Copy the data below verbatim, leaving no line out.

== == ==

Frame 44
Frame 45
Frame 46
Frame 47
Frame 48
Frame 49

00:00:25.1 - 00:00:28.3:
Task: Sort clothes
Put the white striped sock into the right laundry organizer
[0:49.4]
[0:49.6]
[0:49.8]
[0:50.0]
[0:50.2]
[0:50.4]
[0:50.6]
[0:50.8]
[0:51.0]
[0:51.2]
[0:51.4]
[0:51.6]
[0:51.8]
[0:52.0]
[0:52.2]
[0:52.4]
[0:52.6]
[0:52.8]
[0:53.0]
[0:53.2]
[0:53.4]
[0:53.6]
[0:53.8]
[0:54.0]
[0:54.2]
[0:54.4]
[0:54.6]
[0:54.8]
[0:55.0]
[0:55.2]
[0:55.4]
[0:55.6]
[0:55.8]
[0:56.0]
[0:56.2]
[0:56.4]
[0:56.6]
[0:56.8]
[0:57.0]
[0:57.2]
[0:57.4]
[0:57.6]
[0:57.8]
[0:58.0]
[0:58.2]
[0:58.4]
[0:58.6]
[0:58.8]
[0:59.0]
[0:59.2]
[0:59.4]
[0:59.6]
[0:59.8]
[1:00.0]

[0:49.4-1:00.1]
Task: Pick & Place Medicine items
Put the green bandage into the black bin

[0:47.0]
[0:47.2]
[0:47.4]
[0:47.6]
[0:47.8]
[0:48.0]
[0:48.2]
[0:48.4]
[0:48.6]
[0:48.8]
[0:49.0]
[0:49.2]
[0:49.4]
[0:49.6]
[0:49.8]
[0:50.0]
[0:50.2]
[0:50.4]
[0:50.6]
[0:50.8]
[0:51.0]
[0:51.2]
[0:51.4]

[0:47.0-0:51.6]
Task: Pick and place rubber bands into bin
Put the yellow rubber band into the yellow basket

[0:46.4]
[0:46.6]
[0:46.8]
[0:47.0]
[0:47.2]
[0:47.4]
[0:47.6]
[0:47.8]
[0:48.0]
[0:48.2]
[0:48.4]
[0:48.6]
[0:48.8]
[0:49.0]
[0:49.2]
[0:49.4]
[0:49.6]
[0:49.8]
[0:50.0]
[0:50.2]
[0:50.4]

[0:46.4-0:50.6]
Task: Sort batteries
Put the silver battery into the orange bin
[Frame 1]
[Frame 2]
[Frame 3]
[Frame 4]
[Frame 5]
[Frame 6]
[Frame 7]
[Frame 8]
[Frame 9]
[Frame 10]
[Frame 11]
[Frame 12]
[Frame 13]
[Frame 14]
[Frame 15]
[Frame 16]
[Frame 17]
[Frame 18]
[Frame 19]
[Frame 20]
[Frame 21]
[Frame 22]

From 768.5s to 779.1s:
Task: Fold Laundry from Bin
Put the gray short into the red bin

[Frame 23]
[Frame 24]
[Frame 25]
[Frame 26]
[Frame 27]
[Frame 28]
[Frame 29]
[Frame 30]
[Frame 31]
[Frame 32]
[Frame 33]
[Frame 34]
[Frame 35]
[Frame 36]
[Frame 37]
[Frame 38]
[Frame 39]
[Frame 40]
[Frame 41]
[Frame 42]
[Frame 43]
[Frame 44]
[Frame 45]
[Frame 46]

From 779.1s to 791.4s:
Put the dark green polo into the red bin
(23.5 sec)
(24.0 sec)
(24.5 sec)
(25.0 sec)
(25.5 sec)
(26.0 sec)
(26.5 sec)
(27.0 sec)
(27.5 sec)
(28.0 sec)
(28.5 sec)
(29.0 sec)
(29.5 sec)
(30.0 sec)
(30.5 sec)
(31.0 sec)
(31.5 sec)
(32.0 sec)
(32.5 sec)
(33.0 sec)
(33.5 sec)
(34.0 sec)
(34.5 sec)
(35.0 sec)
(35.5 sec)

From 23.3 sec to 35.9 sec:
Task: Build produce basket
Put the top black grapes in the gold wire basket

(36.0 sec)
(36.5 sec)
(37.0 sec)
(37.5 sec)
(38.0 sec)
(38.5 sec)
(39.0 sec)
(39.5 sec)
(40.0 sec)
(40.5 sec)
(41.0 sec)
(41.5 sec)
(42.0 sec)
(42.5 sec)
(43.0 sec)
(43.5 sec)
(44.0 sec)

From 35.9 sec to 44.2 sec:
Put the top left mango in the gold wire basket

== == ==

= Expected output =
Frame 44
Frame 45
Frame 46
Frame 47
Frame 48
Frame 49

00:00:25.1 - 00:00:28.3:
Task: Sort clothes
Put the white striped sock into the right laundry organizer
[0:49.4]
[0:49.6]
[0:49.8]
[0:50.0]
[0:50.2]
[0:50.4]
[0:50.6]
[0:50.8]
[0:51.0]
[0:51.2]
[0:51.4]
[0:51.6]
[0:51.8]
[0:52.0]
[0:52.2]
[0:52.4]
[0:52.6]
[0:52.8]
[0:53.0]
[0:53.2]
[0:53.4]
[0:53.6]
[0:53.8]
[0:54.0]
[0:54.2]
[0:54.4]
[0:54.6]
[0:54.8]
[0:55.0]
[0:55.2]
[0:55.4]
[0:55.6]
[0:55.8]
[0:56.0]
[0:56.2]
[0:56.4]
[0:56.6]
[0:56.8]
[0:57.0]
[0:57.2]
[0:57.4]
[0:57.6]
[0:57.8]
[0:58.0]
[0:58.2]
[0:58.4]
[0:58.6]
[0:58.8]
[0:59.0]
[0:59.2]
[0:59.4]
[0:59.6]
[0:59.8]
[1:00.0]

[0:49.4-1:00.1]
Task: Pick & Place Medicine items
Put the green bandage into the black bin

[0:47.0]
[0:47.2]
[0:47.4]
[0:47.6]
[0:47.8]
[0:48.0]
[0:48.2]
[0:48.4]
[0:48.6]
[0:48.8]
[0:49.0]
[0:49.2]
[0:49.4]
[0:49.6]
[0:49.8]
[0:50.0]
[0:50.2]
[0:50.4]
[0:50.6]
[0:50.8]
[0:51.0]
[0:51.2]
[0:51.4]

[0:47.0-0:51.6]
Task: Pick and place rubber bands into bin
Put the yellow rubber band into the yellow basket

[0:46.4]
[0:46.6]
[0:46.8]
[0:47.0]
[0:47.2]
[0:47.4]
[0:47.6]
[0:47.8]
[0:48.0]
[0:48.2]
[0:48.4]
[0:48.6]
[0:48.8]
[0:49.0]
[0:49.2]
[0:49.4]
[0:49.6]
[0:49.8]
[0:50.0]
[0:50.2]
[0:50.4]

[0:46.4-0:50.6]
Task: Sort batteries
Put the silver battery into the orange bin
[Frame 1]
[Frame 2]
[Frame 3]
[Frame 4]
[Frame 5]
[Frame 6]
[Frame 7]
[Frame 8]
[Frame 9]
[Frame 10]
[Frame 11]
[Frame 12]
[Frame 13]
[Frame 14]
[Frame 15]
[Frame 16]
[Frame 17]
[Frame 18]
[Frame 19]
[Frame 20]
[Frame 21]
[Frame 22]

From 768.5s to 779.1s:
Task: Fold Laundry from Bin
Put the gray short into the red bin

[Frame 23]
[Frame 24]
[Frame 25]
[Frame 26]
[Frame 27]
[Frame 28]
[Frame 29]
[Frame 30]
[Frame 31]
[Frame 32]
[Frame 33]
[Frame 34]
[Frame 35]
[Frame 36]
[Frame 37]
[Frame 38]
[Frame 39]
[Frame 40]
[Frame 41]
[Frame 42]
[Frame 43]
[Frame 44]
[Frame 45]
[Frame 46]

From 779.1s to 791.4s:
Put the dark green polo into the red bin
(23.5 sec)
(24.0 sec)
(24.5 sec)
(25.0 sec)
(25.5 sec)
(26.0 sec)
(26.5 sec)
(27.0 sec)
(27.5 sec)
(28.0 sec)
(28.5 sec)
(29.0 sec)
(29.5 sec)
(30.0 sec)
(30.5 sec)
(31.0 sec)
(31.5 sec)
(32.0 sec)
(32.5 sec)
(33.0 sec)
(33.5 sec)
(34.0 sec)
(34.5 sec)
(35.0 sec)
(35.5 sec)

From 23.3 sec to 35.9 sec:
Task: Build produce basket
Put the top black grapes in the gold wire basket

(36.0 sec)
(36.5 sec)
(37.0 sec)
(37.5 sec)
(38.0 sec)
(38.5 sec)
(39.0 sec)
(39.5 sec)
(40.0 sec)
(40.5 sec)
(41.0 sec)
(41.5 sec)
(42.0 sec)
(42.5 sec)
(43.0 sec)
(43.5 sec)
(44.0 sec)

From 35.9 sec to 44.2 sec:
Put the top left mango in the gold wire basket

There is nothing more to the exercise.